4.3 | Pacific Gibco representations and warranties |
(a) | Pacific Gibco makes each of the representations and warranties set out in clause 6 (Representations and warranties) of the Pacific Gibco Share Pledge for the benefit of the Secured Parties as of the date of this Agreement, and such representations and warranties shall be deemed to be repeated on the Effective Date by reference to the facts and circumstances existing on that date. |
(b) | For the purposes of this Clause 4.3 (Pacific Gibco representations and warranties), references to “this Charge” in clauses 6.2 (Organisation), 6.3 (Legality, validity and enforceability), 6.6 (Consent), 6.7 (No conflict), 6.8 (No proceedings), 6.9 (Immunity) and 6.11 (Governing law and enforcement) of the Pacific Gibco Share Pledge also shall be deemed to refer to this Agreement. |
5. | MISCELLANEOUS |
5.1 | Counterparts |
This Agreement may be executed in one or more counterparts and this has the same effect as if the signatures on the counterparts were on a single copy of this Agreement.
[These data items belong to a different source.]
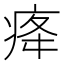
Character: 𤵸
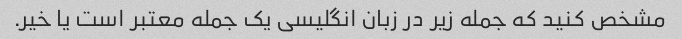
مشخص کنید که جمله زیر در زبان انگلیسی یک جمله معتبر است یا خیر.
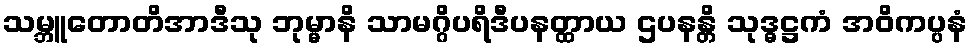
သမ္ဘူတောတိအာဒီသု ဘုမ္မာနိ သာမဂ္ဂိပရိဒီပနတ္ထာယ ဌပနန္တိ သုဒ္ဓဋ္ဌကံ အဝိကပ္ပနံ
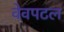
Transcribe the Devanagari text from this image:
वेवपटल
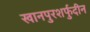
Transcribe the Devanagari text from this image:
खानपुरशर्फुदीन
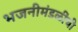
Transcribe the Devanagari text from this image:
भजनीमंडळींची
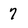
Character: 7
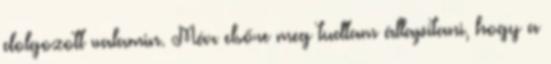
dolgozott valamin. Már elsőre meg tudtam állapítani, hogy a
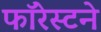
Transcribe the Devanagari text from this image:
फॉरेस्टने
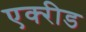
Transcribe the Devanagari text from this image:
एक्‍रीड
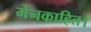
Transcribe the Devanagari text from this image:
मेनकाहित।
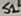
Text: S1
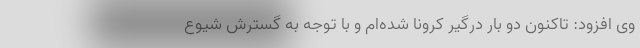
وی افزود: تاکنون دو بار درگیر کرونا شده‌ام و با توجه به گسترش شیوع
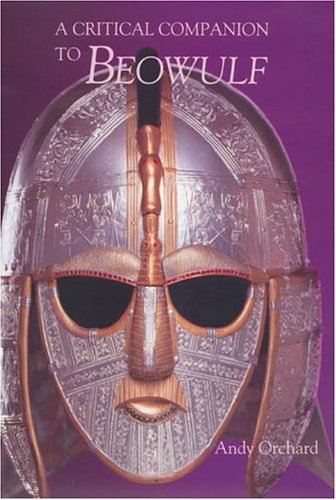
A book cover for A Critical Companion to Beowulf; Andy Orchard; Literature & Fiction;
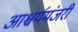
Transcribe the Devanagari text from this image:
आश्चर्यमंजरी
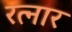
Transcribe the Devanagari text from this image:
रत्नार
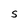
Character: S
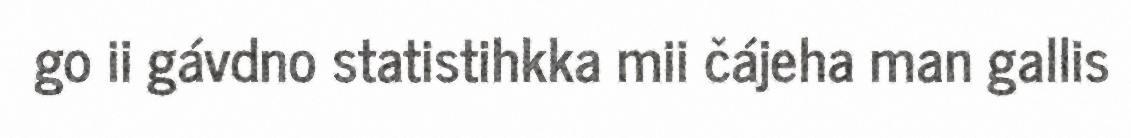
go ii gávdno statistihkka mii čájeha man gallis
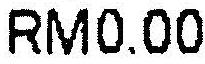
RM0.00
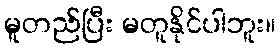
မူတည်ပြီး မတူနိုင်ပါဘူး။
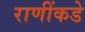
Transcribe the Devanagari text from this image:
राणींकडे
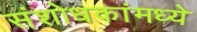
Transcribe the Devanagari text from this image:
संशोधकांमध्ये
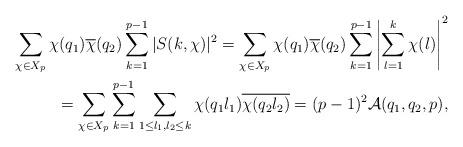
LaTeX: \begin{align*} \sum_{\chi \in X_p}\chi(q_1)\overline{\chi}(q_2)\sum_{k=1}^{p-1}\vert S(k,\chi)\vert^2= \sum_{\chi \in X_p}\chi(q_1)\overline{\chi}(q_2)\sum_{k=1}^{p-1}\left\vert\sum_{l=1}^k\chi (l)\right\vert^2 \\= \sum_{\chi \in X_p}\sum_{k=1}^{p-1}\sum_{1\leq l_1,l_2\leq k}\chi(q_1 l_1)\overline{\chi(q_2 l_2)} =(p-1)^2{\mathcal {A}}(q_1,q_2,p),\end{align*}
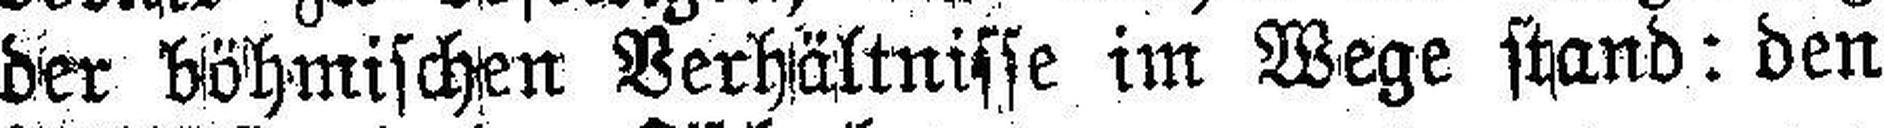
der böhmischen Verhältnisse im Wege stand: den
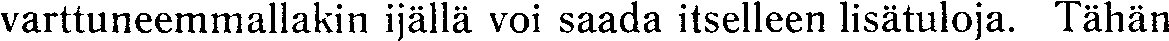
varttuneemmallakin ijällä voi saada itselleen lisätuloja. Tähän
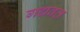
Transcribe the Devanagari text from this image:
गद्यवत
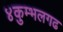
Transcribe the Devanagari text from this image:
४कुम्भलगढ
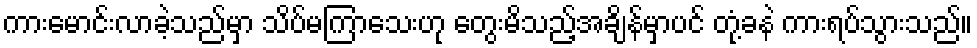
ကားမောင်းလာခဲ့သည်မှာ သိပ်မကြာသေးဟု တွေးမိသည့်အချိန်မှာပင် တုံ့ခနဲ ကားရပ်သွားသည်။
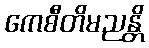
ကေစီတိမညန္တိ
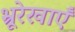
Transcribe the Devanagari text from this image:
भ्रूरेखाएँ
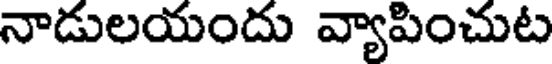
నాడులయందు వ్యాపించుట
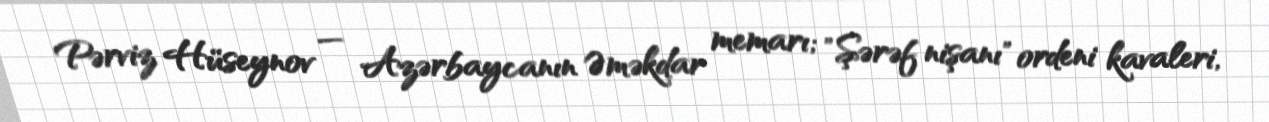
Pərviz Hüseynov — Azərbaycanın Əməkdar memarı; "Şərəf nişanı" ordeni kavaleri,
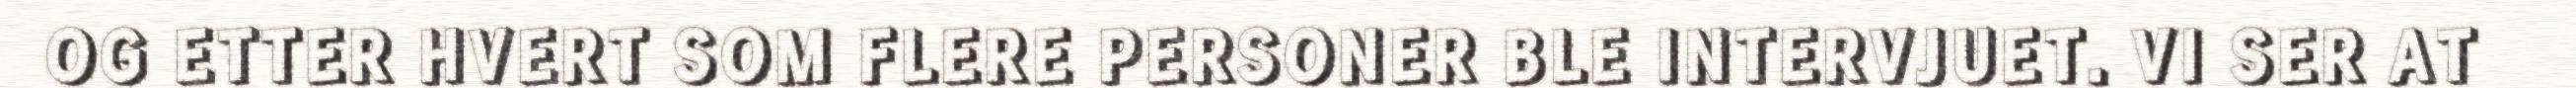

5.2 | Incorporation of terms |
Each Party agrees that the provisions of clauses 1.3 (Third party rights), 36.2 (Jurisdiction), 36.3 (Service of process), 37.1 (Notices), 37.4 (Amendments), 37.6 (Delay and waiver), 37.7 (Entire agreement), 37.8 (Successors and assigns), 37.9 (Severability), 37.10 (Reinstatement), 37.12 (Termination), 37.13 (No partnership), 37.14 (No reliance), 37.15 (English language) and 37.16 (Waiver of Immunity) of the Project Facilities Agreement are incorporated into this Agreement as if such provisions were set out, mutatis mutandis, in this Agreement.
6. | GOVERNING LAW |
This Agreement and any non-contractual obligations arising out of or in connection with it are governed by English law.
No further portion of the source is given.